▸ **ASSIGNMENT**
Write the records below out in full, character for character, with no pictures.

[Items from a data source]
--*--
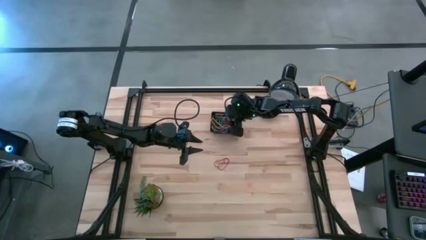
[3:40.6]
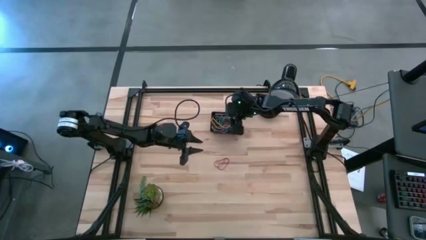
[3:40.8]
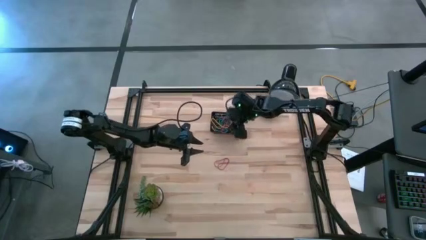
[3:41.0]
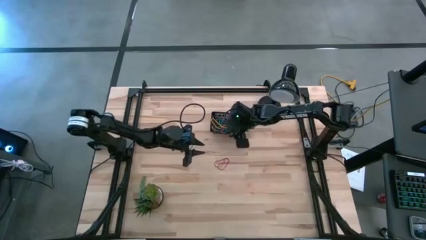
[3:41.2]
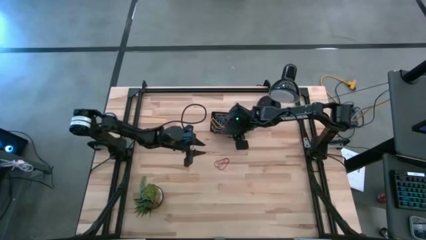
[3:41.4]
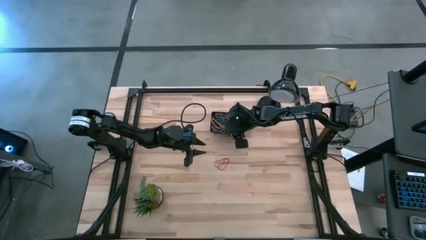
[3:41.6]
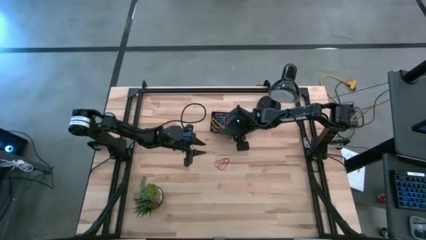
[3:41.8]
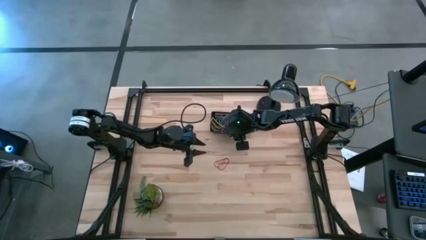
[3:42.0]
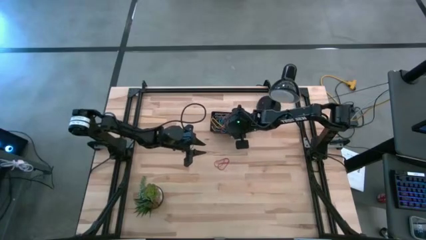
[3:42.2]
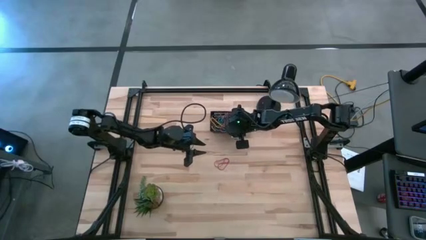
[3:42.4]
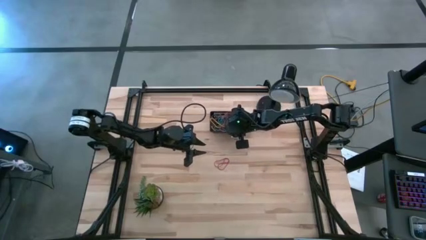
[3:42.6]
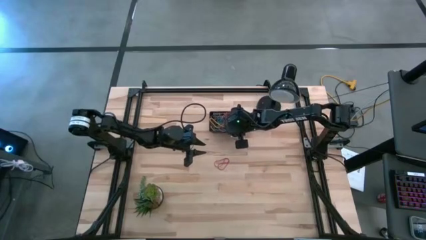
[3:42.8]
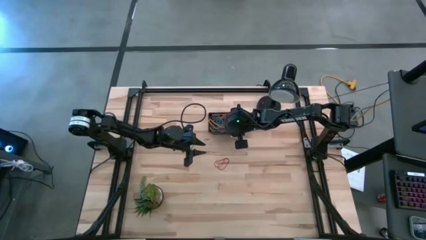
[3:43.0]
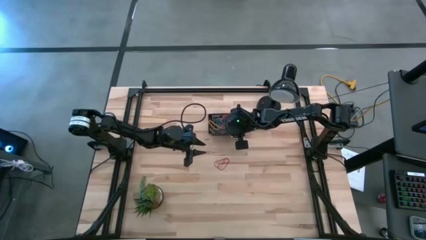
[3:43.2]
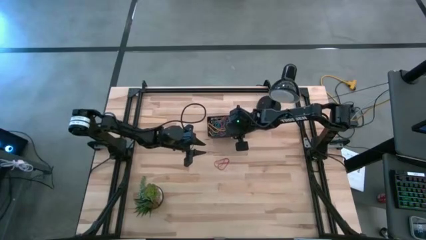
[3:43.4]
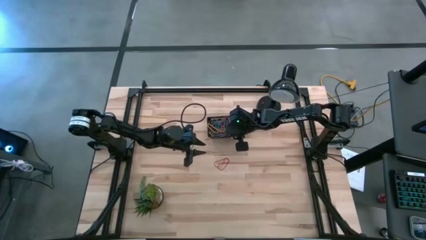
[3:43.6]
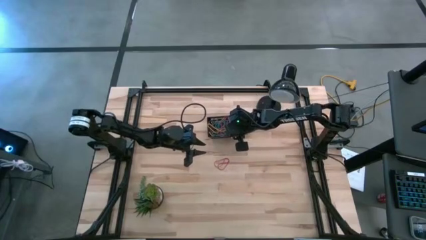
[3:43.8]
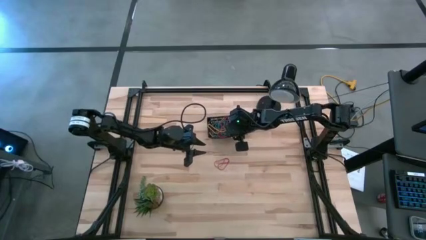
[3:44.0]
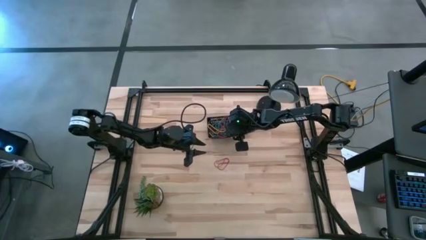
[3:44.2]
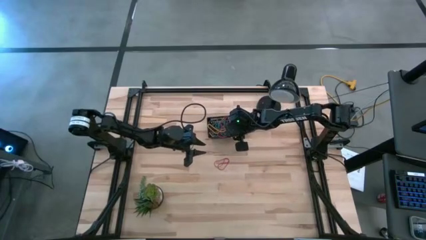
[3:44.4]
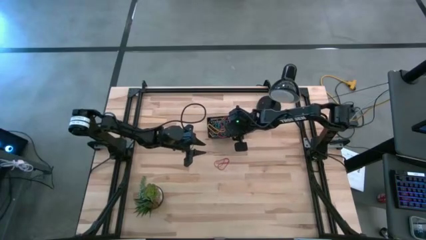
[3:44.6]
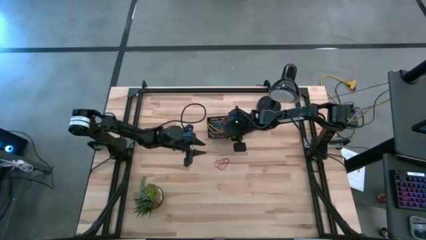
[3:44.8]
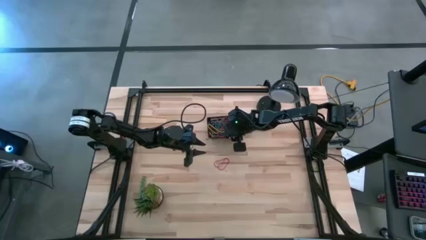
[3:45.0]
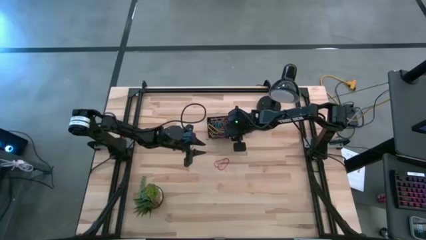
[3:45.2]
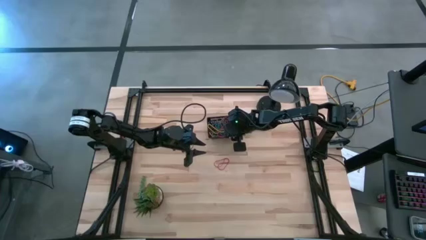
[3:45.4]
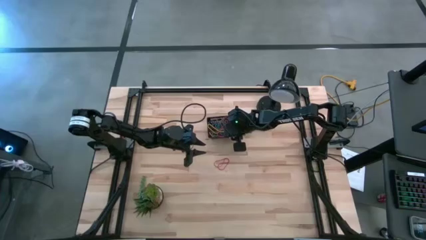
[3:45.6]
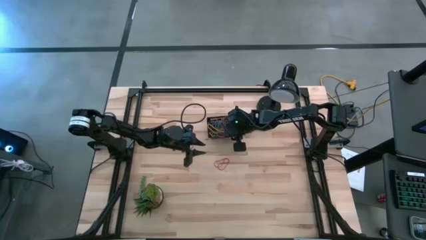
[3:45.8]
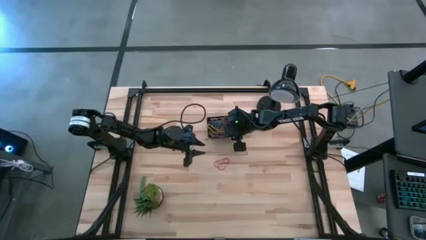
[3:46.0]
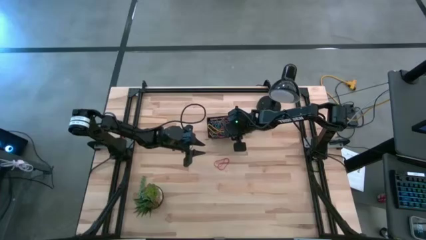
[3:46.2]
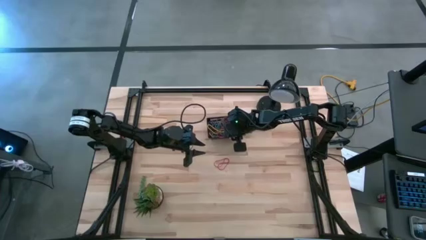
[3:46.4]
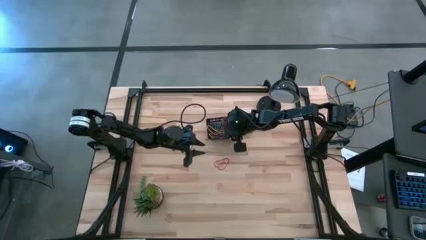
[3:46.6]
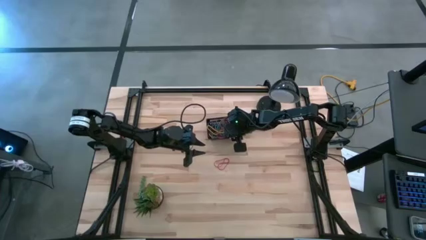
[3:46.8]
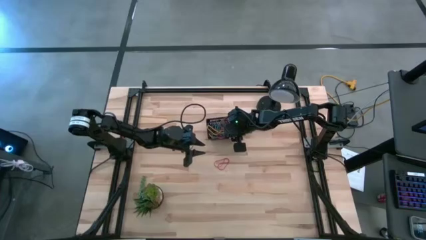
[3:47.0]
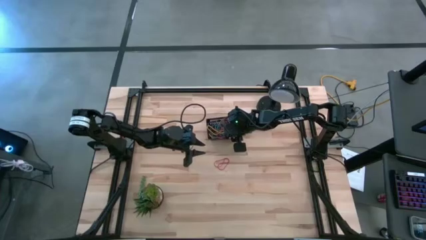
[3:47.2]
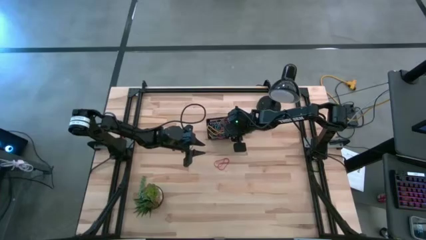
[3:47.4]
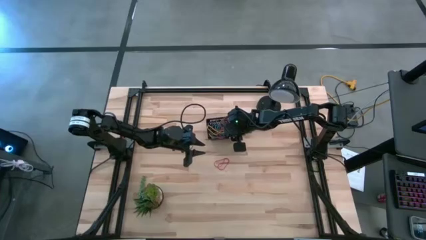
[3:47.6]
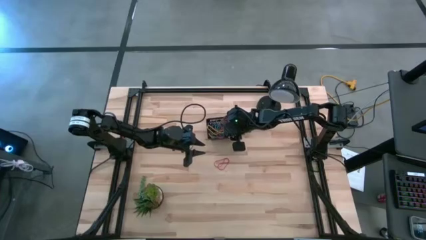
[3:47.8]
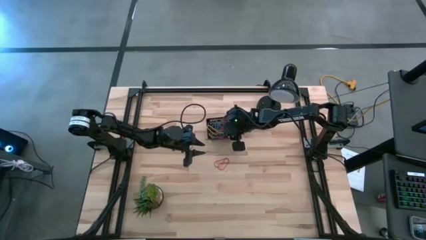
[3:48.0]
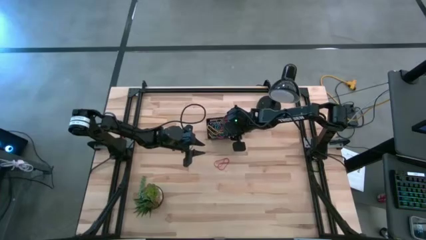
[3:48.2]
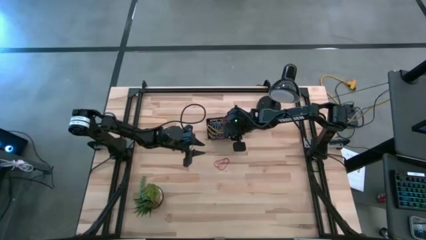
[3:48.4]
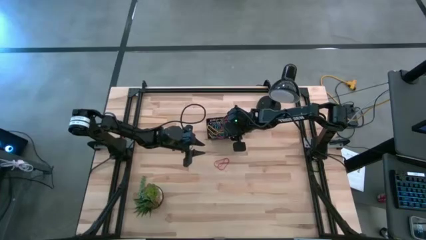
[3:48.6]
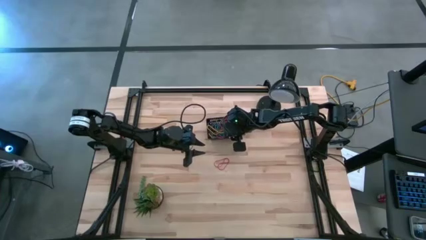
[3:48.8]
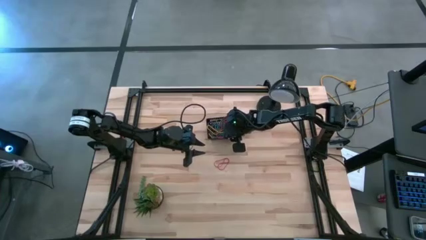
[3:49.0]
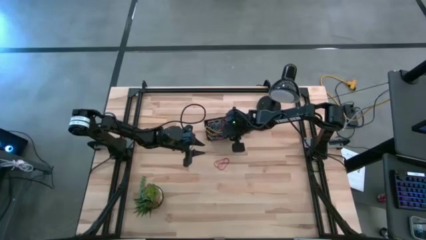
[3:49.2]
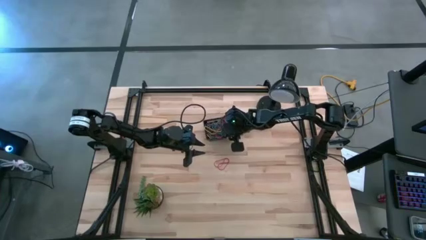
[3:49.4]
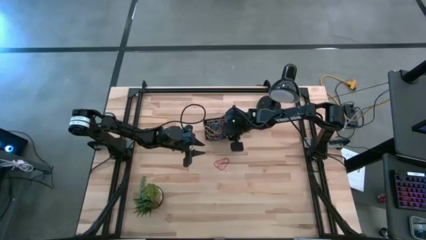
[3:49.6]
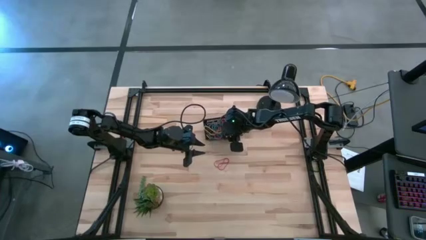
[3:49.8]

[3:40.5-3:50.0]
Task: Pick and place rubber bands into bin
Adjust the basket
--*--
▸ **RESULT FOR THIS EXERCISE**
[3:40.6]
[3:40.8]
[3:41.0]
[3:41.2]
[3:41.4]
[3:41.6]
[3:41.8]
[3:42.0]
[3:42.2]
[3:42.4]
[3:42.6]
[3:42.8]
[3:43.0]
[3:43.2]
[3:43.4]
[3:43.6]
[3:43.8]
[3:44.0]
[3:44.2]
[3:44.4]
[3:44.6]
[3:44.8]
[3:45.0]
[3:45.2]
[3:45.4]
[3:45.6]
[3:45.8]
[3:46.0]
[3:46.2]
[3:46.4]
[3:46.6]
[3:46.8]
[3:47.0]
[3:47.2]
[3:47.4]
[3:47.6]
[3:47.8]
[3:48.0]
[3:48.2]
[3:48.4]
[3:48.6]
[3:48.8]
[3:49.0]
[3:49.2]
[3:49.4]
[3:49.6]
[3:49.8]

[3:40.5-3:50.0]
Task: Pick and place rubber bands into bin
Adjust the basket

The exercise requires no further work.